— PROBLEM DETAILS —
Only the pictures are to be left out; please reproduce everything else in the data exactly.

--------------------------------------------------

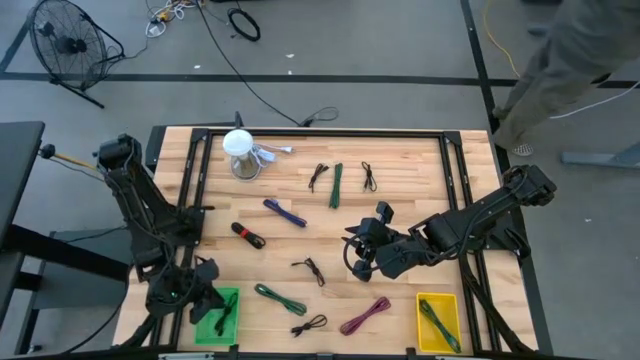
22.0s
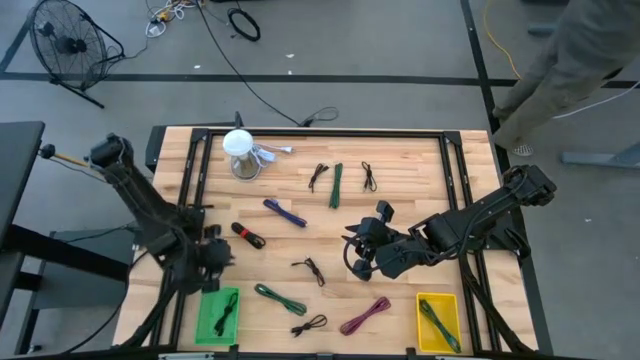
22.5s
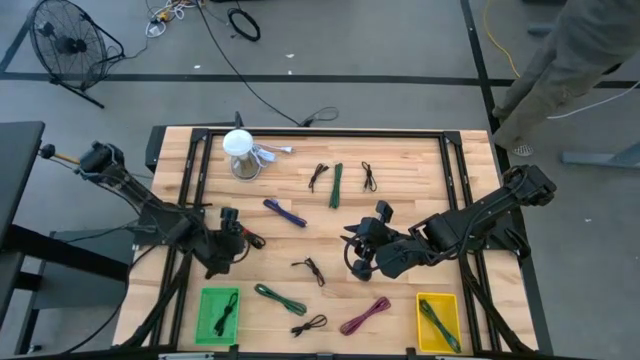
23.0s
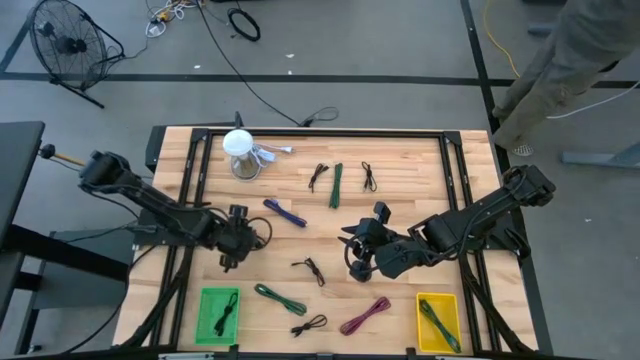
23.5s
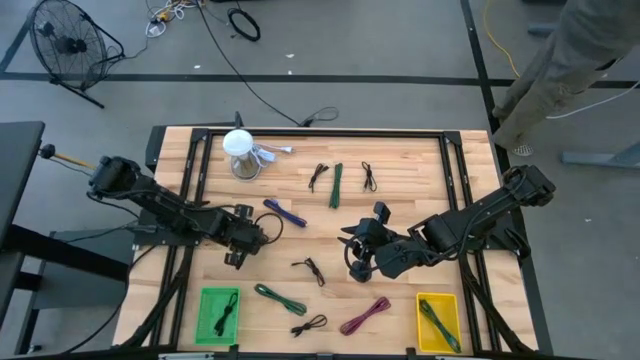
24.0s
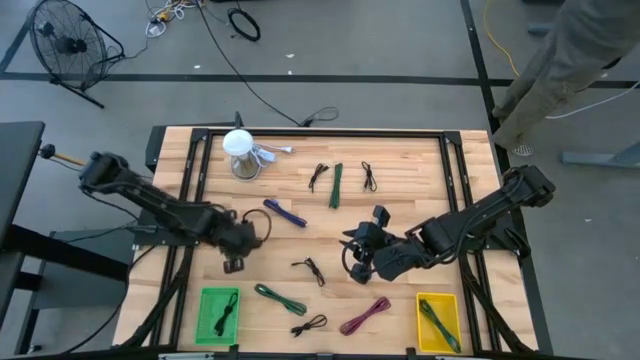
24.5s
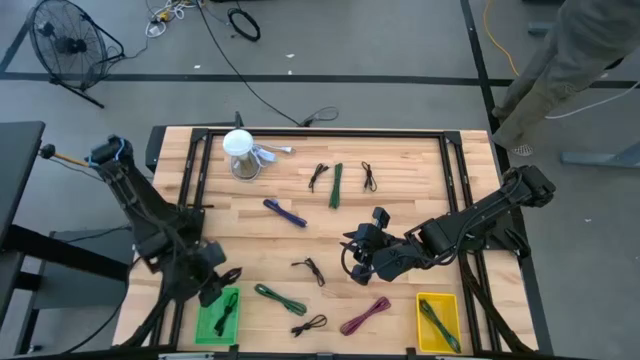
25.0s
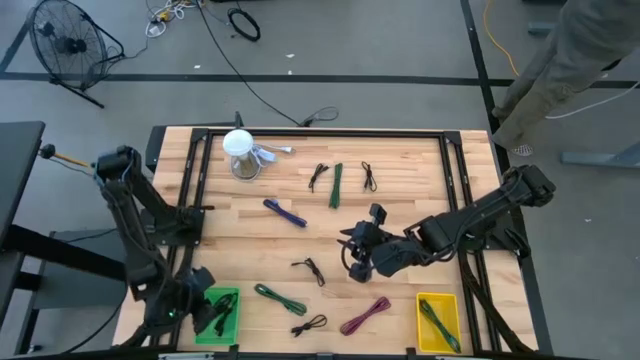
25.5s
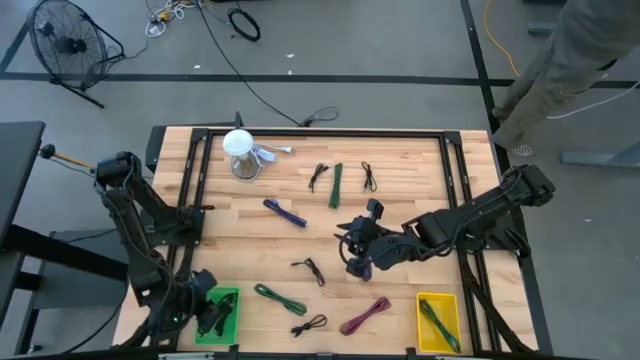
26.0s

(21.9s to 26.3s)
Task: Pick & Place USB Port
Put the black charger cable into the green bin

--------------------------------------------------

— COMPLETED EXERCISE —
22.0s
22.5s
23.0s
23.5s
24.0s
24.5s
25.0s
25.5s
26.0s

(21.9s to 26.3s)
Task: Pick & Place USB Port
Put the black charger cable into the green bin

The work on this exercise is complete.